WHAT TO DO: Whenever a line below includes "word", add it to the tally, then give the total and nothing more.

RECORD SET:
---+---
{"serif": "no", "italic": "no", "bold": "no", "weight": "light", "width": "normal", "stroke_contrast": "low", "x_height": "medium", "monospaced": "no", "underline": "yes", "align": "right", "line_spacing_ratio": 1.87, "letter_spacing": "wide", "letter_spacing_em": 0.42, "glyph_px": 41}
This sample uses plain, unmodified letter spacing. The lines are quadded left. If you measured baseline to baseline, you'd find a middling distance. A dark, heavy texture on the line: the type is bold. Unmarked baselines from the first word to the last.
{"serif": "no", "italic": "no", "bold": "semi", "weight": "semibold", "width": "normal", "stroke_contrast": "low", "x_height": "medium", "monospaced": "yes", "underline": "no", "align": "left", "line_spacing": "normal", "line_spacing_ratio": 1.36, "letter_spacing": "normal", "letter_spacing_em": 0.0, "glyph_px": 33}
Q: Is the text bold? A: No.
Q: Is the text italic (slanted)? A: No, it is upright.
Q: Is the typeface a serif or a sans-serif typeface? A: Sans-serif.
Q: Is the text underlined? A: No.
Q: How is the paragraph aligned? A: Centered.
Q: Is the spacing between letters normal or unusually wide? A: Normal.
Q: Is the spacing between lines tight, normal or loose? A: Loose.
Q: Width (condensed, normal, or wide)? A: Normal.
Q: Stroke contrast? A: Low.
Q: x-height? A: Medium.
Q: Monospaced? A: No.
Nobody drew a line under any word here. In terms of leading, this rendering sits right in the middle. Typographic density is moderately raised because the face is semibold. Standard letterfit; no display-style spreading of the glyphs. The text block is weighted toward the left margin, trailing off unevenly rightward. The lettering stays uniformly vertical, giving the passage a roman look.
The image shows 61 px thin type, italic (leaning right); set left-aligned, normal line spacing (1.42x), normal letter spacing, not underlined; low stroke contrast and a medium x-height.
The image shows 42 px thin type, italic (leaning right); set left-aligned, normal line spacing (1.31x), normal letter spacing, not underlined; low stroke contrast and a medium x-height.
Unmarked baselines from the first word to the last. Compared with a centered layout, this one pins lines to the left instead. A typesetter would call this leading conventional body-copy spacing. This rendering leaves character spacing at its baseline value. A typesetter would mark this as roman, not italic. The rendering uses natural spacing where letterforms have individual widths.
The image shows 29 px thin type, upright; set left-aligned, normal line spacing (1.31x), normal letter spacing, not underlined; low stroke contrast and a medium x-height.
---+---
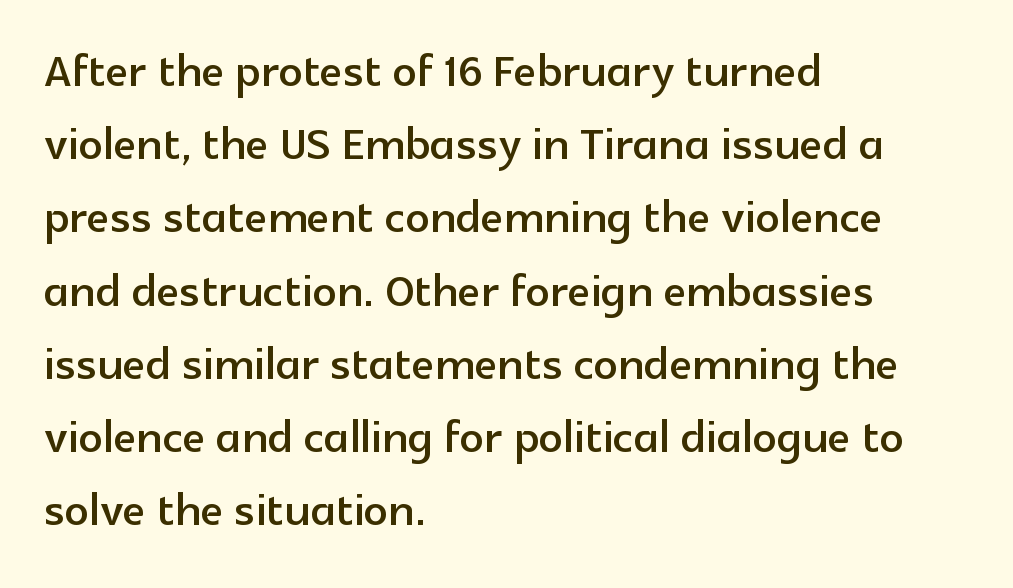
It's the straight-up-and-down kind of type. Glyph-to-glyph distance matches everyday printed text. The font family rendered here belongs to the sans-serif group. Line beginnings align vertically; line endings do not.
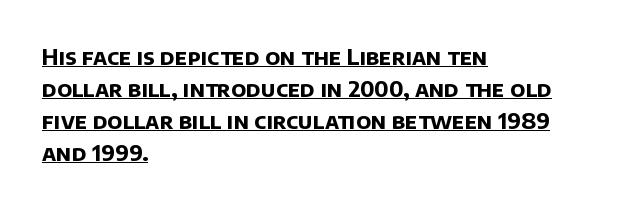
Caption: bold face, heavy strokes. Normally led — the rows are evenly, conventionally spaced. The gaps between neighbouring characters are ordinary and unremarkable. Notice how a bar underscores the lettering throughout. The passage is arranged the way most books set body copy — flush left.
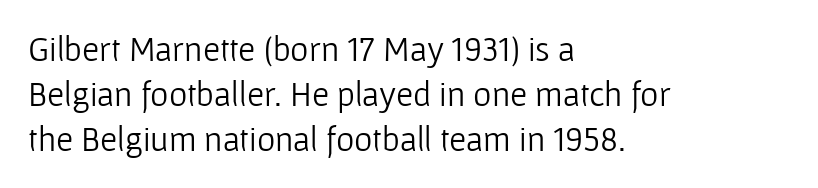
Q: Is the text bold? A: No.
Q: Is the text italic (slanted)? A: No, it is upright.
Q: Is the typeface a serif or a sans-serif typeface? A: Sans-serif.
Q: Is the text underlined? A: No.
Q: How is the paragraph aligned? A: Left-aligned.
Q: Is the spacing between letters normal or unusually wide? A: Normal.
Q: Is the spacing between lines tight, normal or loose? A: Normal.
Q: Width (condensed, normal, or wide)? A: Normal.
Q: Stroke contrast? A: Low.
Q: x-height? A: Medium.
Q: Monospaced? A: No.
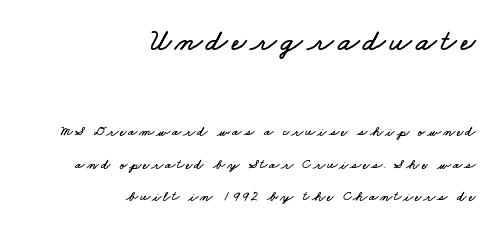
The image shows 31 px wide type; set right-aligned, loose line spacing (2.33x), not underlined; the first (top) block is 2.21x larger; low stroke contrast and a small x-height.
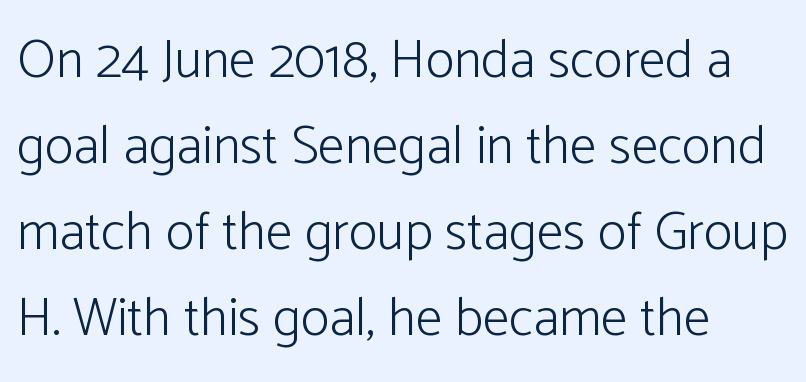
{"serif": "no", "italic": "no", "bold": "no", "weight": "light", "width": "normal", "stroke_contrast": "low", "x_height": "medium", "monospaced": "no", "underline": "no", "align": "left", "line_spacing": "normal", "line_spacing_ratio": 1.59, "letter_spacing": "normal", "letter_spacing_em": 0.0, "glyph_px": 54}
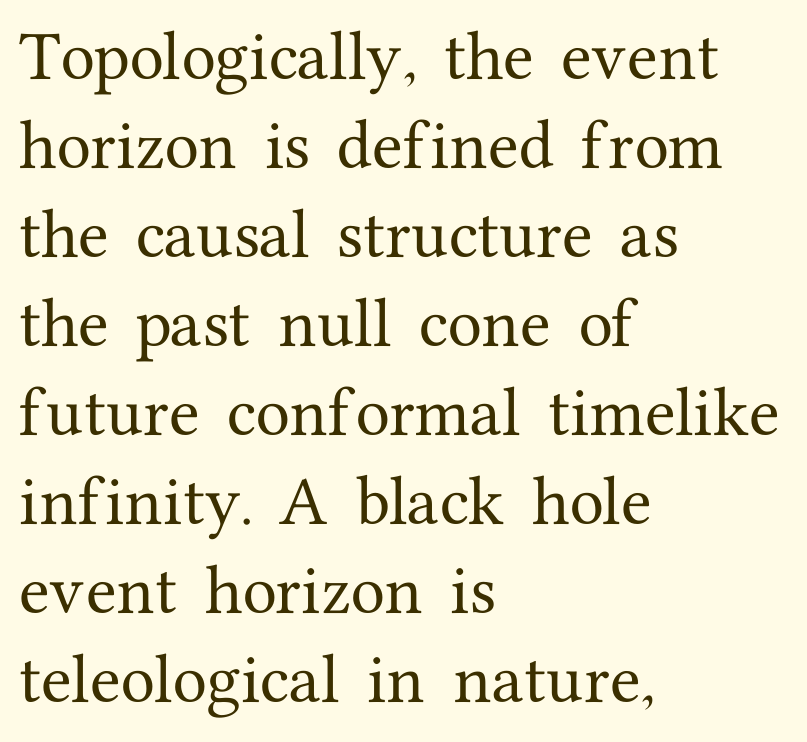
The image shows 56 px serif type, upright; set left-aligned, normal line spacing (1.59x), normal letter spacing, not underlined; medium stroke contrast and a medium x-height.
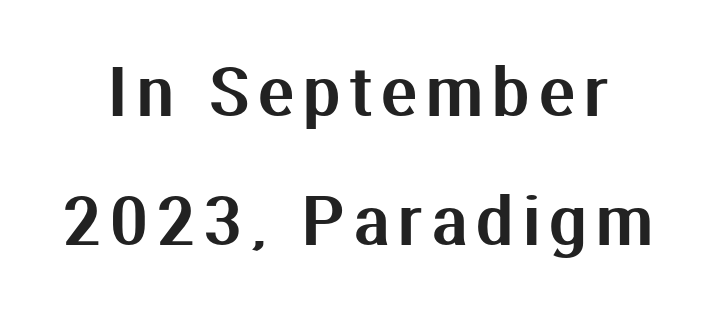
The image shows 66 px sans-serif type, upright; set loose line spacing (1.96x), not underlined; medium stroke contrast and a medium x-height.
---+---
REPLY TO THE TASK: 3